━━━━━ DATASET RECORDS ━━━━━
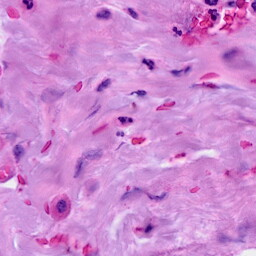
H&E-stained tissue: Breast
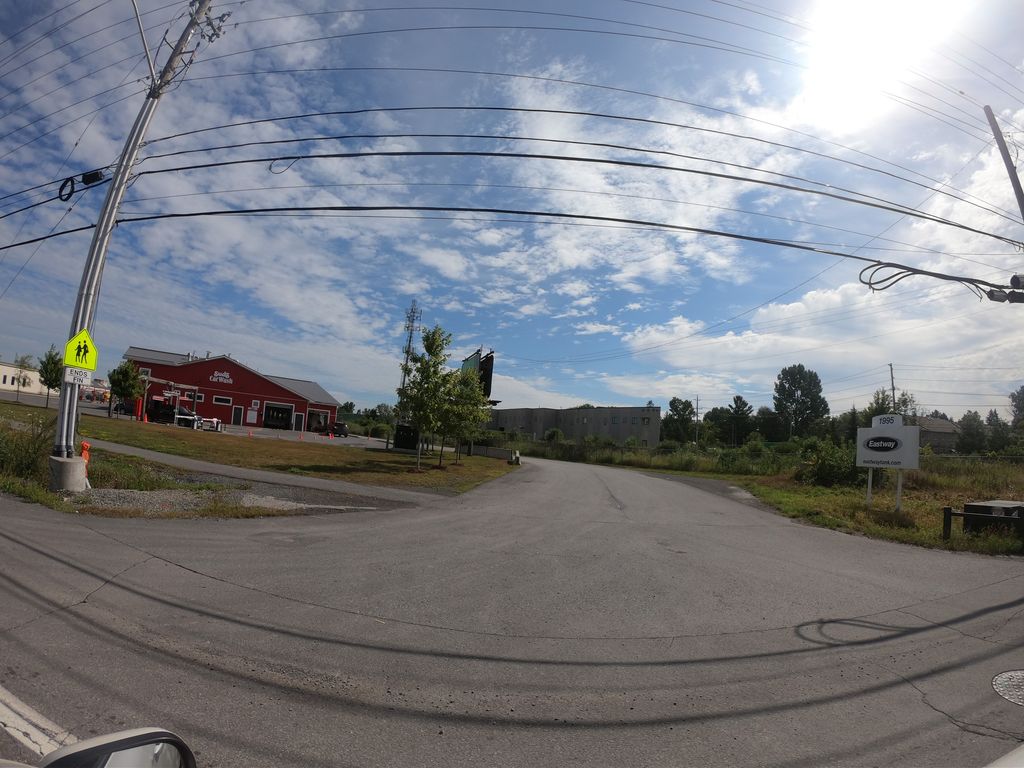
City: ottawa-gatineau
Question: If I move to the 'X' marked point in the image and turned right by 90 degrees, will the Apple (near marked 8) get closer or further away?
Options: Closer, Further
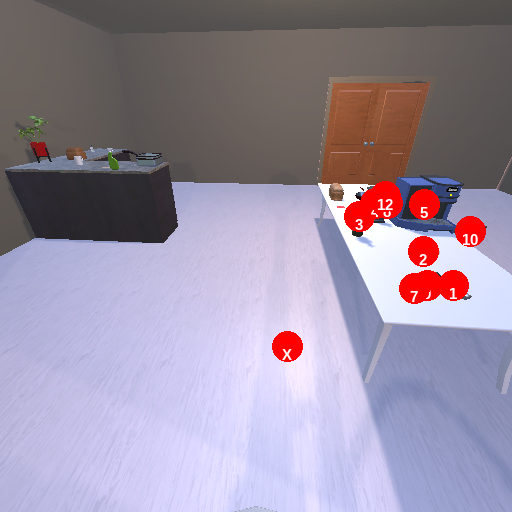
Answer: Closer
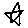
Label: star
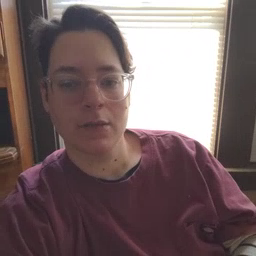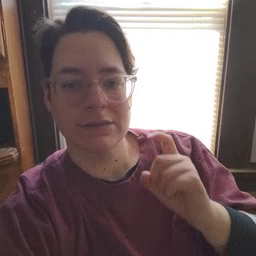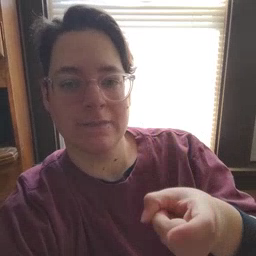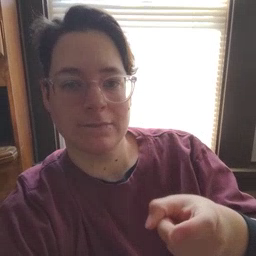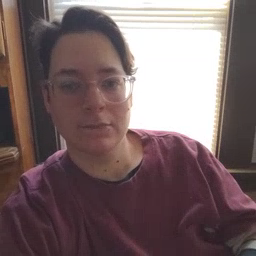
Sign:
━━━━━
■ TASK STATEMENT
None of the pictures should be copied, but every record above must be restated in full.

■ RESULT BELOW
H&E-stained tissue: Breast
City: ottawa-gatineau
Question: If I move to the 'X' marked point in the image and turned right by 90 degrees, will the Apple (near marked 8) get closer or further away?
Options: Closer, Further
Answer: Closer
Label: star
Sign:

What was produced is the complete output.